Send Logs Implementing a Custom Producer

If you have arrived to this sections it's because you have decided that you can't use the monit agent nor the provided kubernetes helmchart to forward your logs to us.

As part of the MONIT infrastructure we offer two endpoints where you can forward your logs to, one based in HTTP+JSON and one in OTLP (HTTP+GRPC). Please refer to the first step section to know what you should do before using any of the integrations.

Open Telemetry Logs

There's a big effort ongoing in the monitoring team to provide support for OTLP based documents, including logs. This will be considered our main point of integration for the future and will be used to provide support for the MONIT provided forwarders.

Storages

Any logs that you send to the OTLP endpoint will be stored in our Timberprivate OpenSearch, so of course you will need to request a tenant in case you don't have one already.

Send data

Sending data using OTLP can be achieved with any tool that supports this kind of output, in our case we have more experience using Fluentbit and so we will be able to provide extra support when configuring it if required.

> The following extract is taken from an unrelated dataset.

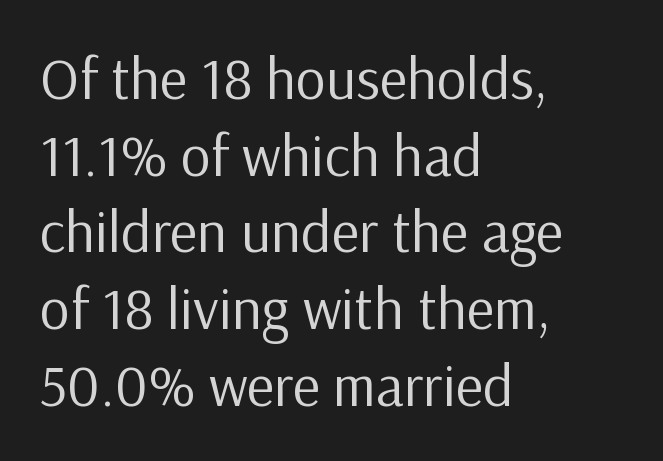
The image shows 59 px regular-weight sans-serif type, upright; set left-aligned, normal line spacing (1.3x), normal letter spacing, not underlined; low stroke contrast and a medium x-height.

Otherwise, here you will find the connection details needed for you to start sending your data to the "monit-otlp" endpoint. We keep the endpoint uris by default, so no need to specify them.

Endpoint: monit-otlp.cern.ch
Port: 4319 (HTTP), 4316 (GRPC)
User: Your tenant name
Password: Your tenant password

Access data

Once your data has been sent, accessing it can be done through Grafana and configuring one of the MONIT managed Prometheus datasources or directly in OpenSearch Timberprivate under your own tenant.

JSON Logs

The MONIT infrastructure has historically offered this endpoint for integration, and although our recommendation is to use the OTLP one when possible, we will keep maintaining this for a while.

Your data must be represented as a valid JSON object with the following fields (as strings):

(mandatory) producer: (your tenant) used to name your data set, only one value allowed
(mandatory) type: used to classify your data set, you can define multiple values but please try to keep it limited
(optional) timestamp: used to indicate the event submission time
(optional) _id: if you wish to set your own ID (needed to override documents in OpenSearch), we assign one random ID by default
(optional) host: used to add extra information about the node submitting your data
(optional) raw: in case logs are written to Elasticsearch, this field gets indexed

Storages

By default, logs that you send to the JSON endpoint will be written into MONIT Timberprivate OpenSearch cluster, you can also request for the logs to be written into your own cluster, please keep reading to understand how this works.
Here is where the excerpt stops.